● EXERCISE
Keep the images out while you retype all of the data exactly.

Stored dataset items:
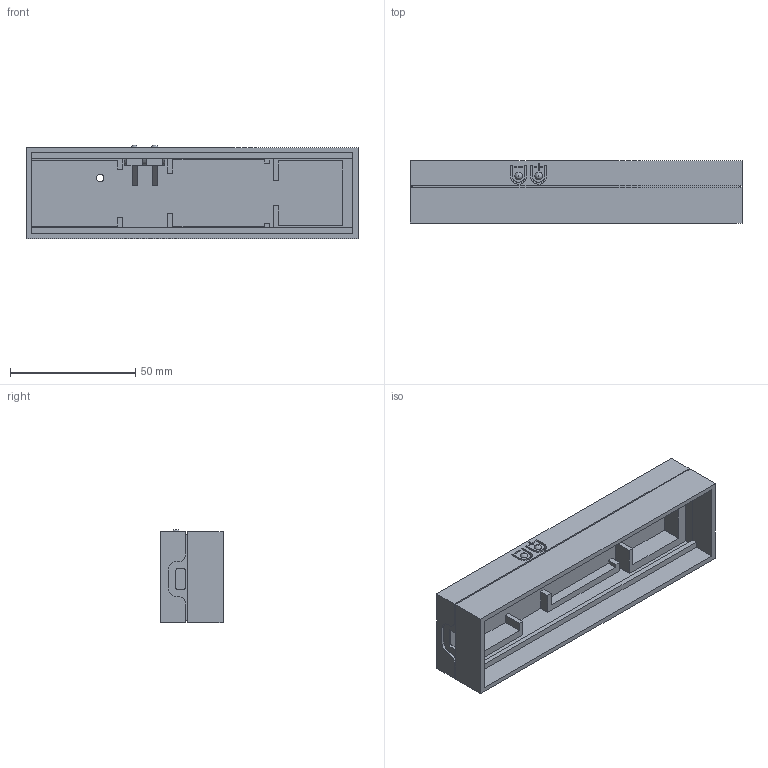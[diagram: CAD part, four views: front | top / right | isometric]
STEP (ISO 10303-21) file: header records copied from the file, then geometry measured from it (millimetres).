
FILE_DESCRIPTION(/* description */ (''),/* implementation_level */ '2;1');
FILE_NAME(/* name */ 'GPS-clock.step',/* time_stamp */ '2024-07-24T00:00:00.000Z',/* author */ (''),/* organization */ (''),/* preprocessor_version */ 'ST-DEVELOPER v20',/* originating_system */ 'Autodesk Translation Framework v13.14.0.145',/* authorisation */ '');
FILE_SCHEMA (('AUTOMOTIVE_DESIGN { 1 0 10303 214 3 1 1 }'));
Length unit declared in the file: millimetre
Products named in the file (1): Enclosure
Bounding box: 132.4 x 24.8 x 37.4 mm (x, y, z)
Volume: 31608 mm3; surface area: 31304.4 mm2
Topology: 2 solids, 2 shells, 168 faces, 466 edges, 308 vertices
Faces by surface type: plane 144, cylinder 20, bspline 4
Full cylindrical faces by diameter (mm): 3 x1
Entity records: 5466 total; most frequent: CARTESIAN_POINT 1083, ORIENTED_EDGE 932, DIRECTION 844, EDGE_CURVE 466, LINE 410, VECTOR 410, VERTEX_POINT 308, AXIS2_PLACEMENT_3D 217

● EXERCISE RESPONSE
[diagram: CAD part, four views: front | top / right | isometric]
STEP (ISO 10303-21) file: header records copied from the file, then geometry measured from it (millimetres).
FILE_DESCRIPTION(/* description */ (''),/* implementation_level */ '2;1');
FILE_NAME(/* name */ 'GPS-clock.step',/* time_stamp */ '2024-07-24T00:00:00.000Z',/* author */ (''),/* organization */ (''),/* preprocessor_version */ 'ST-DEVELOPER v20',/* originating_system */ 'Autodesk Translation Framework v13.14.0.145',/* authorisation */ '');
FILE_SCHEMA (('AUTOMOTIVE_DESIGN { 1 0 10303 214 3 1 1 }'));
Length unit declared in the file: millimetre
Products named in the file (1): Enclosure
Bounding box: 132.4 x 24.8 x 37.4 mm (x, y, z)
Volume: 31608 mm3; surface area: 31304.4 mm2
Topology: 2 solids, 2 shells, 168 faces, 466 edges, 308 vertices
Faces by surface type: plane 144, cylinder 20, bspline 4
Full cylindrical faces by diameter (mm): 3 x1
Entity records: 5466 total; most frequent: CARTESIAN_POINT 1083, ORIENTED_EDGE 932, DIRECTION 844, EDGE_CURVE 466, LINE 410, VECTOR 410, VERTEX_POINT 308, AXIS2_PLACEMENT_3D 217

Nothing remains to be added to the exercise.